What you will do.
Whatever the records say, repeat them exactly as given.
===============
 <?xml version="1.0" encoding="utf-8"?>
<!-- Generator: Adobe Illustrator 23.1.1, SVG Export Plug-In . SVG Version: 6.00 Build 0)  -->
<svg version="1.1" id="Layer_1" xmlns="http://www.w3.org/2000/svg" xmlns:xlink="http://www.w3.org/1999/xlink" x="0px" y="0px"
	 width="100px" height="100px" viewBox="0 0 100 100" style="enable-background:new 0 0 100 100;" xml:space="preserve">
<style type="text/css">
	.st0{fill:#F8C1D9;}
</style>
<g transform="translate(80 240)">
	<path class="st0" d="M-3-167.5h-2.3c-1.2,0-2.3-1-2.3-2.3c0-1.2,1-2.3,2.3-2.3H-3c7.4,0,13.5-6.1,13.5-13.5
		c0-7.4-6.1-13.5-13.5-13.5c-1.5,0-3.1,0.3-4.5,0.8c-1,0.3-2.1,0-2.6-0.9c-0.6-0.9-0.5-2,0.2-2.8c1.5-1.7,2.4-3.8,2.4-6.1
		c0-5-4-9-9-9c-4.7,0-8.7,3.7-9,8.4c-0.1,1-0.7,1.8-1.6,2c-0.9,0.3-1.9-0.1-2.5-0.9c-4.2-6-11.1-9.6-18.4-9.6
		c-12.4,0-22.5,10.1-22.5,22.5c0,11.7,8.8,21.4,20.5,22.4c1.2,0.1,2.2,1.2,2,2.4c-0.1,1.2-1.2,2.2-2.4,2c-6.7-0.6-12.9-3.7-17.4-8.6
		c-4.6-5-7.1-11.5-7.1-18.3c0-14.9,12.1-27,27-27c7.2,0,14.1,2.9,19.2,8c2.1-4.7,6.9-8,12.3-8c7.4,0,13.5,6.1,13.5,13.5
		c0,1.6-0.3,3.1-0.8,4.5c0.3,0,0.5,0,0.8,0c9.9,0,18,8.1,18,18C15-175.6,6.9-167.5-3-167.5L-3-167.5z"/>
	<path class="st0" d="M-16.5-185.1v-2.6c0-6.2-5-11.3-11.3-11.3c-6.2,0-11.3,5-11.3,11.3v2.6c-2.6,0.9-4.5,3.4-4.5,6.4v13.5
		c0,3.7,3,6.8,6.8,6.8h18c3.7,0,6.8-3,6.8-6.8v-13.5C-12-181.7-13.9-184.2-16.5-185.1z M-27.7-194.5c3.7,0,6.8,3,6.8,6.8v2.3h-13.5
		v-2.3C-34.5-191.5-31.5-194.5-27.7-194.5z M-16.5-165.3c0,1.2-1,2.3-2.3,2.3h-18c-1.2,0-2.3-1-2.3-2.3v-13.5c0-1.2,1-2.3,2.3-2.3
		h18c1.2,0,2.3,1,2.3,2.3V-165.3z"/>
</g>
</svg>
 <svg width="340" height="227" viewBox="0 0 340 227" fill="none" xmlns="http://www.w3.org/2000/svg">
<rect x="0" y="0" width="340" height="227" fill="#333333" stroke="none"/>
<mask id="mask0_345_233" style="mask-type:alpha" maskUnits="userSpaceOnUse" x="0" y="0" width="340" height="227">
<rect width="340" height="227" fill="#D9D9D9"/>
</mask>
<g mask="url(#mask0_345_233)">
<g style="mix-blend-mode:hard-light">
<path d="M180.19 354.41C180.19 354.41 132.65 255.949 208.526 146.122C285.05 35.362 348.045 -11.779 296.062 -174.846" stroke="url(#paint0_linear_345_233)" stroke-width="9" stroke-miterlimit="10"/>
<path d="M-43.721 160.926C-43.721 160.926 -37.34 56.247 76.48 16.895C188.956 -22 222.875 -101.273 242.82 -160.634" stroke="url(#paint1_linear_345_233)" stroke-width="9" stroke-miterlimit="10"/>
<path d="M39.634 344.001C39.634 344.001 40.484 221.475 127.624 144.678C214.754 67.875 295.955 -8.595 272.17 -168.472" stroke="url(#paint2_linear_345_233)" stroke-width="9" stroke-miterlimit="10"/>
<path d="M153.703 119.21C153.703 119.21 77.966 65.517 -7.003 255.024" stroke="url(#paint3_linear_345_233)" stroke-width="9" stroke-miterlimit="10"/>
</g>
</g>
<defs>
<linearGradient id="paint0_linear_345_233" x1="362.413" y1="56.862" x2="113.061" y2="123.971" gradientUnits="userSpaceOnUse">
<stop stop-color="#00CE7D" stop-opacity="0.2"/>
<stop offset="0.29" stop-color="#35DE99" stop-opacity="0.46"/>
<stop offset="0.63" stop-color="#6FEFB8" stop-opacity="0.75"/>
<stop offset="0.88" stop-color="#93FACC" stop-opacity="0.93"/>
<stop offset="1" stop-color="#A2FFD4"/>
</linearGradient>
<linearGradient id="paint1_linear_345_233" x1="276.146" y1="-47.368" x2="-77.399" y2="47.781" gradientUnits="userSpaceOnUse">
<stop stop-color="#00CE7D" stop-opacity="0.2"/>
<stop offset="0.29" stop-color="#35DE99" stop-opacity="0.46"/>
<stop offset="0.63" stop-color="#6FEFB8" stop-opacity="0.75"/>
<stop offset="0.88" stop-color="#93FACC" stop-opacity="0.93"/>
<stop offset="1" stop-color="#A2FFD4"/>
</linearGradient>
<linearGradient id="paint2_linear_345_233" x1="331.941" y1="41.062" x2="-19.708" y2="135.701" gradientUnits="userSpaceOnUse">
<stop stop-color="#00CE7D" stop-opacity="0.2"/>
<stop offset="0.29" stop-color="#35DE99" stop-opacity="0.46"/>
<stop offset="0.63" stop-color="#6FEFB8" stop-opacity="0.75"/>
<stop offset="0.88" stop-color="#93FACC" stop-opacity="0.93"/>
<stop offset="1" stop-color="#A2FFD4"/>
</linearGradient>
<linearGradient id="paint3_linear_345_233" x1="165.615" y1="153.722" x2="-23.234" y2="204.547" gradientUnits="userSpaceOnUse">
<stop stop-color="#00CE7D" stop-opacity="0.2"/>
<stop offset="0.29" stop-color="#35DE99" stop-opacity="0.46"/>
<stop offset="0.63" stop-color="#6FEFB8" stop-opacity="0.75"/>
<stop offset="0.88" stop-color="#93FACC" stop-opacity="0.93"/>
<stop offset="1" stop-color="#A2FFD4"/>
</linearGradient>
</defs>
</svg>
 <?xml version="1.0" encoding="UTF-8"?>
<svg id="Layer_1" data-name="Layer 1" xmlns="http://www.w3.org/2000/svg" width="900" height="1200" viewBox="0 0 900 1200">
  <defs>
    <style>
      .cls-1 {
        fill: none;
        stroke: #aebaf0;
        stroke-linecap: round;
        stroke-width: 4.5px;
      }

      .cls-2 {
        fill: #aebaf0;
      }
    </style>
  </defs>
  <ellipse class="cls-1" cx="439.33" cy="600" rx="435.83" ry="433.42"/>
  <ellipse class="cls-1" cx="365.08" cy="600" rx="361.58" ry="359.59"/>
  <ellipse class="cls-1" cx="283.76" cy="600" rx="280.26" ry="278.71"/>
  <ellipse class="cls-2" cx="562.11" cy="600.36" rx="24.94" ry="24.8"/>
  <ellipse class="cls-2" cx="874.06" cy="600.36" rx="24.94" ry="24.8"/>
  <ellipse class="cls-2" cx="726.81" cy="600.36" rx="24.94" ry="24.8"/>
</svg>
===============
Reply to the task.
 <?xml version="1.0" encoding="utf-8"?>
<!-- Generator: Adobe Illustrator 23.1.1, SVG Export Plug-In . SVG Version: 6.00 Build 0)  -->
<svg version="1.1" id="Layer_1" xmlns="http://www.w3.org/2000/svg" xmlns:xlink="http://www.w3.org/1999/xlink" x="0px" y="0px"
	 width="100px" height="100px" viewBox="0 0 100 100" style="enable-background:new 0 0 100 100;" xml:space="preserve">
<style type="text/css">
	.st0{fill:#F8C1D9;}
</style>
<g transform="translate(80 240)">
	<path class="st0" d="M-3-167.5h-2.3c-1.2,0-2.3-1-2.3-2.3c0-1.2,1-2.3,2.3-2.3H-3c7.4,0,13.5-6.1,13.5-13.5
		c0-7.4-6.1-13.5-13.5-13.5c-1.5,0-3.1,0.3-4.5,0.8c-1,0.3-2.1,0-2.6-0.9c-0.6-0.9-0.5-2,0.2-2.8c1.5-1.7,2.4-3.8,2.4-6.1
		c0-5-4-9-9-9c-4.7,0-8.7,3.7-9,8.4c-0.1,1-0.7,1.8-1.6,2c-0.9,0.3-1.9-0.1-2.5-0.9c-4.2-6-11.1-9.6-18.4-9.6
		c-12.4,0-22.5,10.1-22.5,22.5c0,11.7,8.8,21.4,20.5,22.4c1.2,0.1,2.2,1.2,2,2.4c-0.1,1.2-1.2,2.2-2.4,2c-6.7-0.6-12.9-3.7-17.4-8.6
		c-4.6-5-7.1-11.5-7.1-18.3c0-14.9,12.1-27,27-27c7.2,0,14.1,2.9,19.2,8c2.1-4.7,6.9-8,12.3-8c7.4,0,13.5,6.1,13.5,13.5
		c0,1.6-0.3,3.1-0.8,4.5c0.3,0,0.5,0,0.8,0c9.9,0,18,8.1,18,18C15-175.6,6.9-167.5-3-167.5L-3-167.5z"/>
	<path class="st0" d="M-16.5-185.1v-2.6c0-6.2-5-11.3-11.3-11.3c-6.2,0-11.3,5-11.3,11.3v2.6c-2.6,0.9-4.5,3.4-4.5,6.4v13.5
		c0,3.7,3,6.8,6.8,6.8h18c3.7,0,6.8-3,6.8-6.8v-13.5C-12-181.7-13.9-184.2-16.5-185.1z M-27.7-194.5c3.7,0,6.8,3,6.8,6.8v2.3h-13.5
		v-2.3C-34.5-191.5-31.5-194.5-27.7-194.5z M-16.5-165.3c0,1.2-1,2.3-2.3,2.3h-18c-1.2,0-2.3-1-2.3-2.3v-13.5c0-1.2,1-2.3,2.3-2.3
		h18c1.2,0,2.3,1,2.3,2.3V-165.3z"/>
</g>
</svg>
 <svg width="340" height="227" viewBox="0 0 340 227" fill="none" xmlns="http://www.w3.org/2000/svg">
<rect x="0" y="0" width="340" height="227" fill="#333333" stroke="none"/>
<mask id="mask0_345_233" style="mask-type:alpha" maskUnits="userSpaceOnUse" x="0" y="0" width="340" height="227">
<rect width="340" height="227" fill="#D9D9D9"/>
</mask>
<g mask="url(#mask0_345_233)">
<g style="mix-blend-mode:hard-light">
<path d="M180.19 354.41C180.19 354.41 132.65 255.949 208.526 146.122C285.05 35.362 348.045 -11.779 296.062 -174.846" stroke="url(#paint0_linear_345_233)" stroke-width="9" stroke-miterlimit="10"/>
<path d="M-43.721 160.926C-43.721 160.926 -37.34 56.247 76.48 16.895C188.956 -22 222.875 -101.273 242.82 -160.634" stroke="url(#paint1_linear_345_233)" stroke-width="9" stroke-miterlimit="10"/>
<path d="M39.634 344.001C39.634 344.001 40.484 221.475 127.624 144.678C214.754 67.875 295.955 -8.595 272.17 -168.472" stroke="url(#paint2_linear_345_233)" stroke-width="9" stroke-miterlimit="10"/>
<path d="M153.703 119.21C153.703 119.21 77.966 65.517 -7.003 255.024" stroke="url(#paint3_linear_345_233)" stroke-width="9" stroke-miterlimit="10"/>
</g>
</g>
<defs>
<linearGradient id="paint0_linear_345_233" x1="362.413" y1="56.862" x2="113.061" y2="123.971" gradientUnits="userSpaceOnUse">
<stop stop-color="#00CE7D" stop-opacity="0.2"/>
<stop offset="0.29" stop-color="#35DE99" stop-opacity="0.46"/>
<stop offset="0.63" stop-color="#6FEFB8" stop-opacity="0.75"/>
<stop offset="0.88" stop-color="#93FACC" stop-opacity="0.93"/>
<stop offset="1" stop-color="#A2FFD4"/>
</linearGradient>
<linearGradient id="paint1_linear_345_233" x1="276.146" y1="-47.368" x2="-77.399" y2="47.781" gradientUnits="userSpaceOnUse">
<stop stop-color="#00CE7D" stop-opacity="0.2"/>
<stop offset="0.29" stop-color="#35DE99" stop-opacity="0.46"/>
<stop offset="0.63" stop-color="#6FEFB8" stop-opacity="0.75"/>
<stop offset="0.88" stop-color="#93FACC" stop-opacity="0.93"/>
<stop offset="1" stop-color="#A2FFD4"/>
</linearGradient>
<linearGradient id="paint2_linear_345_233" x1="331.941" y1="41.062" x2="-19.708" y2="135.701" gradientUnits="userSpaceOnUse">
<stop stop-color="#00CE7D" stop-opacity="0.2"/>
<stop offset="0.29" stop-color="#35DE99" stop-opacity="0.46"/>
<stop offset="0.63" stop-color="#6FEFB8" stop-opacity="0.75"/>
<stop offset="0.88" stop-color="#93FACC" stop-opacity="0.93"/>
<stop offset="1" stop-color="#A2FFD4"/>
</linearGradient>
<linearGradient id="paint3_linear_345_233" x1="165.615" y1="153.722" x2="-23.234" y2="204.547" gradientUnits="userSpaceOnUse">
<stop stop-color="#00CE7D" stop-opacity="0.2"/>
<stop offset="0.29" stop-color="#35DE99" stop-opacity="0.46"/>
<stop offset="0.63" stop-color="#6FEFB8" stop-opacity="0.75"/>
<stop offset="0.88" stop-color="#93FACC" stop-opacity="0.93"/>
<stop offset="1" stop-color="#A2FFD4"/>
</linearGradient>
</defs>
</svg>
 <?xml version="1.0" encoding="UTF-8"?>
<svg id="Layer_1" data-name="Layer 1" xmlns="http://www.w3.org/2000/svg" width="900" height="1200" viewBox="0 0 900 1200">
  <defs>
    <style>
      .cls-1 {
        fill: none;
        stroke: #aebaf0;
        stroke-linecap: round;
        stroke-width: 4.5px;
      }

      .cls-2 {
        fill: #aebaf0;
      }
    </style>
  </defs>
  <ellipse class="cls-1" cx="439.33" cy="600" rx="435.83" ry="433.42"/>
  <ellipse class="cls-1" cx="365.08" cy="600" rx="361.58" ry="359.59"/>
  <ellipse class="cls-1" cx="283.76" cy="600" rx="280.26" ry="278.71"/>
  <ellipse class="cls-2" cx="562.11" cy="600.36" rx="24.94" ry="24.8"/>
  <ellipse class="cls-2" cx="874.06" cy="600.36" rx="24.94" ry="24.8"/>
  <ellipse class="cls-2" cx="726.81" cy="600.36" rx="24.94" ry="24.8"/>
</svg>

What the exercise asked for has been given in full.